I’m back to the bleak bottom quartile biometrics I had when I was first diagnosed with my complex chronic inflammatory diseases case.

I fear I never recovered from my two Covid cases including the one which eventually turned into a brutal pneumonia.

The stress of a permanently lowered baseline of biometrics makes me feel despair even as I have new tools at my disposal to mitigate them.

Will my whole life be dedicated to the care and feeding of my broken body? Is that something I can live for instead of simply living with?

I just don’t know how much effort will be put into managing this new baseline and what the effort to reward ratio looks.

Is there a Pareto principle I can apply to permanent disability which I can, and maybe even should, emotionally accept? Or do I soldier on hoping that my middle aged body may repair itself if I do absolutely everything right? And what am I doing all of that for?

It just seems as if no matter the time management, advanced medical care, constant research and daily effort I only get worse. I’ve been under a scalpel three times this year.

Each time I think I have found a new drug or treatment modality I am quickly slapped with second order side effects. And then those side effects have new side effects as I treat them.

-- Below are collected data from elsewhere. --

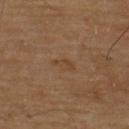Recorded during total-body skin imaging; not selected for excision or biopsy. The lesion's longest dimension is about 2.5 mm. The patient is a male approximately 70 years of age. A close-up tile cropped from a whole-body skin photograph, about 15 mm across. The lesion is on the back. An algorithmic analysis of the crop reported a footprint of about 3 mm², an outline eccentricity of about 0.85 (0 = round, 1 = elongated), and a shape-asymmetry score of about 0.4 (0 = symmetric). It also reported a detector confidence of about 100 out of 100 that the crop contains a lesion.
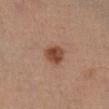{"site": "left leg", "lesion_size": {"long_diameter_mm_approx": 2.5}, "lighting": "cross-polarized", "automated_metrics": {"border_irregularity_0_10": 1.5, "nevus_likeness_0_100": 100}, "patient": {"sex": "male", "age_approx": 50}, "image": {"source": "total-body photography crop", "field_of_view_mm": 15}}
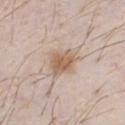* workup · imaged on a skin check; not biopsied
* site · the chest
* acquisition · ~15 mm crop, total-body skin-cancer survey
* lesion size · about 3.5 mm
* patient · male, about 30 years old
* lighting · white-light illumination
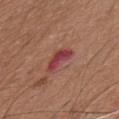Clinical impression:
Part of a total-body skin-imaging series; this lesion was reviewed on a skin check and was not flagged for biopsy.
Clinical summary:
Automated tile analysis of the lesion measured a footprint of about 5.5 mm², a shape eccentricity near 0.9, and a symmetry-axis asymmetry near 0.4. It also reported a border-irregularity rating of about 4.5/10, internal color variation of about 2.5 on a 0–10 scale, and a peripheral color-asymmetry measure near 0.5. The analysis additionally found a nevus-likeness score of about 0/100 and lesion-presence confidence of about 100/100. The lesion is on the chest. Imaged with white-light lighting. A male patient, in their 60s. Approximately 4 mm at its widest. A close-up tile cropped from a whole-body skin photograph, about 15 mm across.
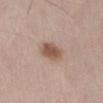The lesion was tiled from a total-body skin photograph and was not biopsied. The tile uses white-light illumination. From the abdomen. An algorithmic analysis of the crop reported a footprint of about 7 mm² and two-axis asymmetry of about 0.15. It also reported an average lesion color of about L≈54 a*≈18 b*≈27 (CIELAB), about 12 CIELAB-L* units darker than the surrounding skin, and a normalized border contrast of about 8.5. It also reported a border-irregularity rating of about 1.5/10, a within-lesion color-variation index near 3/10, and peripheral color asymmetry of about 1. A male subject roughly 60 years of age. A 15 mm close-up extracted from a 3D total-body photography capture. Longest diameter approximately 3.5 mm.
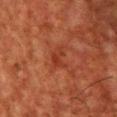Clinical impression:
The lesion was tiled from a total-body skin photograph and was not biopsied.
Image and clinical context:
A 15 mm crop from a total-body photograph taken for skin-cancer surveillance. A male patient, in their 60s. From the chest.
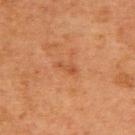biopsy status = imaged on a skin check; not biopsied
patient = female, about 50 years old
lesion diameter = about 2.5 mm
location = the upper back
acquisition = ~15 mm tile from a whole-body skin photo
automated lesion analysis = a mean CIELAB color near L≈44 a*≈24 b*≈34 and a normalized lesion–skin contrast near 5.5; a lesion-detection confidence of about 100/100
tile lighting = cross-polarized illumination
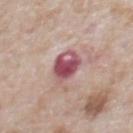Impression:
The lesion was photographed on a routine skin check and not biopsied; there is no pathology result.
Background:
A close-up tile cropped from a whole-body skin photograph, about 15 mm across. The lesion is located on the abdomen. The tile uses white-light illumination. A male subject, aged 58 to 62.
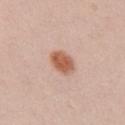This lesion was catalogued during total-body skin photography and was not selected for biopsy.
A 15 mm close-up tile from a total-body photography series done for melanoma screening.
The lesion is on the right upper arm.
The subject is a female aged 23–27.
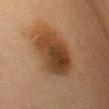follow-up — no biopsy performed (imaged during a skin exam) | imaging modality — total-body-photography crop, ~15 mm field of view | subject — female, aged around 55 | tile lighting — cross-polarized illumination | lesion diameter — ~7.5 mm (longest diameter) | location — the front of the torso.
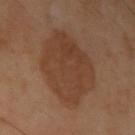The lesion was tiled from a total-body skin photograph and was not biopsied.
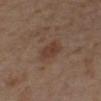{
  "biopsy_status": "not biopsied; imaged during a skin examination",
  "site": "right lower leg",
  "patient": {
    "sex": "female",
    "age_approx": 55
  },
  "lesion_size": {
    "long_diameter_mm_approx": 3.0
  },
  "lighting": "cross-polarized",
  "image": {
    "source": "total-body photography crop",
    "field_of_view_mm": 15
  },
  "automated_metrics": {
    "cielab_L": 38,
    "cielab_a": 18,
    "cielab_b": 26,
    "vs_skin_darker_L": 7.0,
    "vs_skin_contrast_norm": 6.5
  }
}
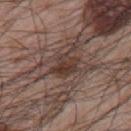{"biopsy_status": "not biopsied; imaged during a skin examination", "lesion_size": {"long_diameter_mm_approx": 3.5}, "lighting": "white-light", "site": "arm", "patient": {"sex": "male", "age_approx": 65}, "image": {"source": "total-body photography crop", "field_of_view_mm": 15}}
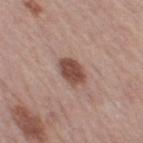The lesion was photographed on a routine skin check and not biopsied; there is no pathology result. A 15 mm crop from a total-body photograph taken for skin-cancer surveillance. Imaged with white-light lighting. The recorded lesion diameter is about 3.5 mm. A female subject, roughly 65 years of age. The lesion is on the leg. Automated image analysis of the tile measured a lesion area of about 7 mm², an eccentricity of roughly 0.7, and two-axis asymmetry of about 0.2. The analysis additionally found roughly 14 lightness units darker than nearby skin and a normalized lesion–skin contrast near 10. The analysis additionally found border irregularity of about 2 on a 0–10 scale and a color-variation rating of about 2/10.
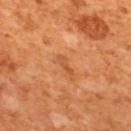| key | value |
|---|---|
| workup | no biopsy performed (imaged during a skin exam) |
| acquisition | total-body-photography crop, ~15 mm field of view |
| anatomic site | the upper back |
| automated metrics | a nevus-likeness score of about 10/100 and lesion-presence confidence of about 100/100 |
| tile lighting | cross-polarized |
| diameter | about 2.5 mm |
| patient | male, aged approximately 65 |
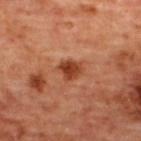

It’s the pimp my ride recursion of biohacking, but instead of liking a thing and adding it to my car, I’m adding more and more mitigation measures to manage the results of the biohacking.

Pimp my biohacking

Now I have a new load of emotional stress and grief weighing on me as father died this weekend. I don’t even know what that process will look like, especially given the challenging modern family situation I have.

Any positive aspects of my year (passing the right to compute bill into law, progress in my startup portfolio) seems pale in contrast to emergency surgery, slow burdensome recovery and the arrival of mortality. I’m only at the halfway point of life (and a little bit past that for the year) and I feel done in completely.